This is the schema of a Spark DataFrame that I've created:
root
|-- id: double (nullable = true)
|-- sim_scores: struct (nullable = true)
| |-- scores: map (nullable = true)
| | |-- key: string
| | |-- value: map (valueContainsNull = true)
| | | |-- key: integer
| | | |-- value: vector (valueContainsNull = true)
The 'sim_scores' struct represents a Scala case-class that I am using for aggregation purposes. I have custom a UDAF designed to merge these structs. To make them merge-safe for all the edge-cases, they look like they do. Lets assume for this question, they have to stay this way.

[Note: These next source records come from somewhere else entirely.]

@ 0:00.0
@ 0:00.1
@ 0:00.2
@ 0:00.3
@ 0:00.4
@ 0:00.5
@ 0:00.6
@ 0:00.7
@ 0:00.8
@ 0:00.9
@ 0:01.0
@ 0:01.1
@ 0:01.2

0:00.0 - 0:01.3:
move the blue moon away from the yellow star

I would like to 'flatten' this DataFrame into something like:
root
|-- id: double (nullable = true)
|-- score_1: map (valueContainsNull = true)
| |-- key: integer
| |-- value: vector (valueContainsNull = true)
|-- score_2: map (valueContainsNull = true)
| |-- key: integer
| |-- value: vector (valueContainsNull = true)

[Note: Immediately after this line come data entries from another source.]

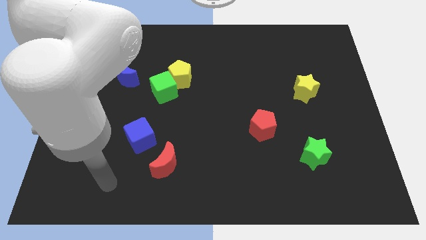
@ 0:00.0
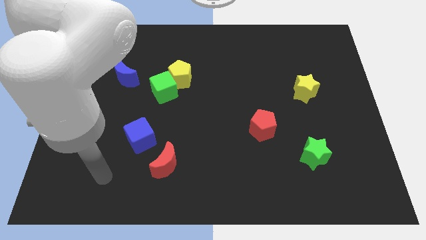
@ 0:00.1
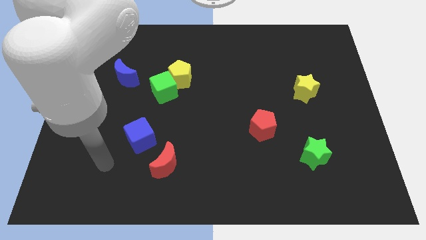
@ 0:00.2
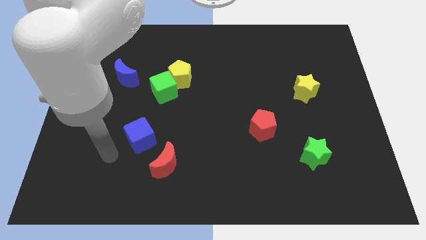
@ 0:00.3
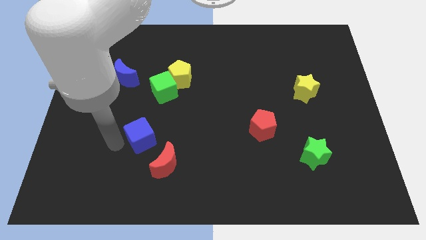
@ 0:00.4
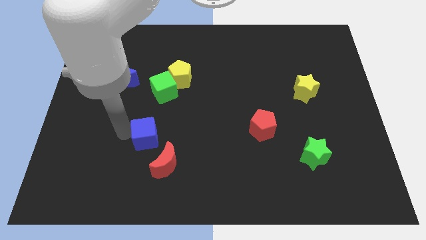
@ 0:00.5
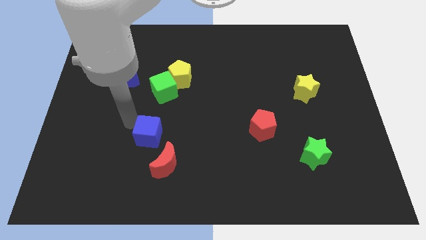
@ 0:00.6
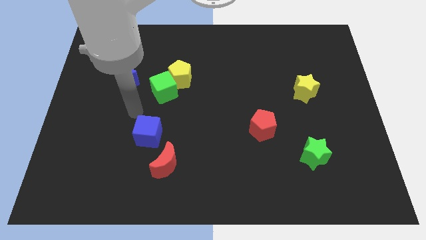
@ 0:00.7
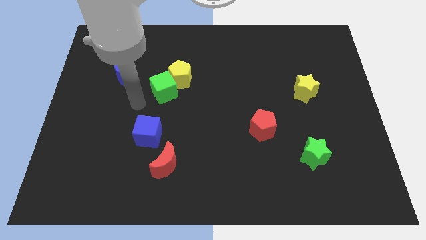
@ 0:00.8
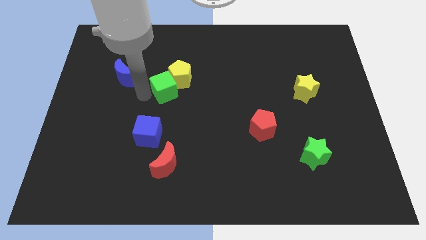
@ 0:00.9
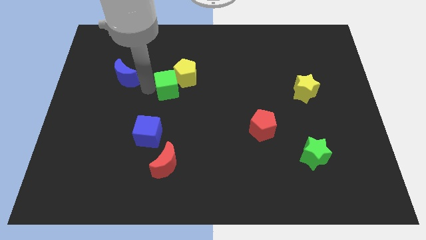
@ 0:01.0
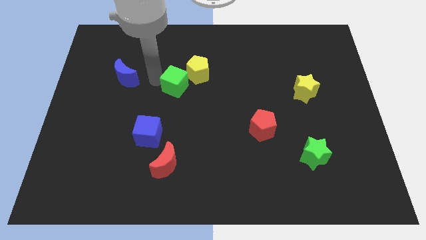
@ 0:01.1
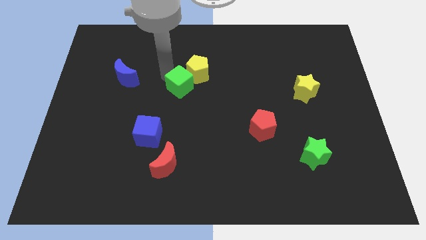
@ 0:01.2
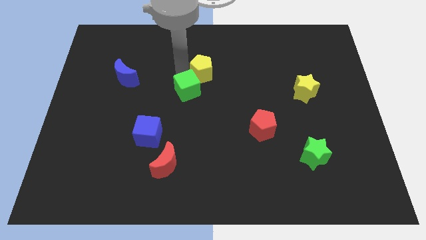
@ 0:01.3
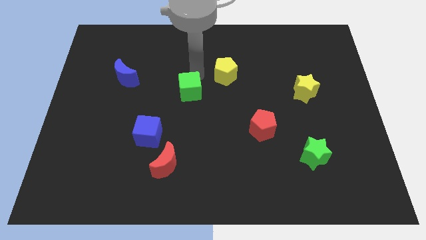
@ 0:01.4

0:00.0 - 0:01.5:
move the green cube away from the yellow pentagon

|-- score_3: map (valueContainsNull = true)
| |-- key: integer
| |-- value: vector (valueContainsNull = true)
...
The outer MapType in the 'scores' struct maps score topics to documents; the inner maps, representing a document, map sentence position within a document to a vector score. The 'score_1', 'score_2', ... represent all possible keys of the 'scores' MapType in the initial DF.
In json-ish terms, if I had an input that looks like:
{ "id": 739874.0,
"sim_scores": {
"firstTopicName": {
1: [1,9,1,0,1,1,4,6],
2: [5,7,8,2,4,3,1,3],
...
},
"anotherTopic": {
1: [6,8,4,1,3,4,2,0],
2: [0,1,3,2,4,5,6,2],
...
}
}
}
then I would get an output
{ "id": 739874.0,
"firstTopicName": {
1: [1,9,1,0,1,1,4,6],
2: [5,7,8,2,4,3,1,3],
...
}
"anotherTopic": {
1: [6,8,4,1,3,4,2,0],
2: [0,1,3,2,4,5,6,2],
...
}
}
If I knew the total number of topic columns, this would be easy; but I do not. The number of topics is set by the user at runtime, the output DataFrame has a variable number of columns. It is guarantees to be >=1, but I need to design this so that it could work with 100 different topic columns, if necessary.
How can I implement this?
Last note: I'm stuck using Spark 1.6.3; so solutions that work with that version are best. However, I'll take any way of doing it in hopes of future implementation.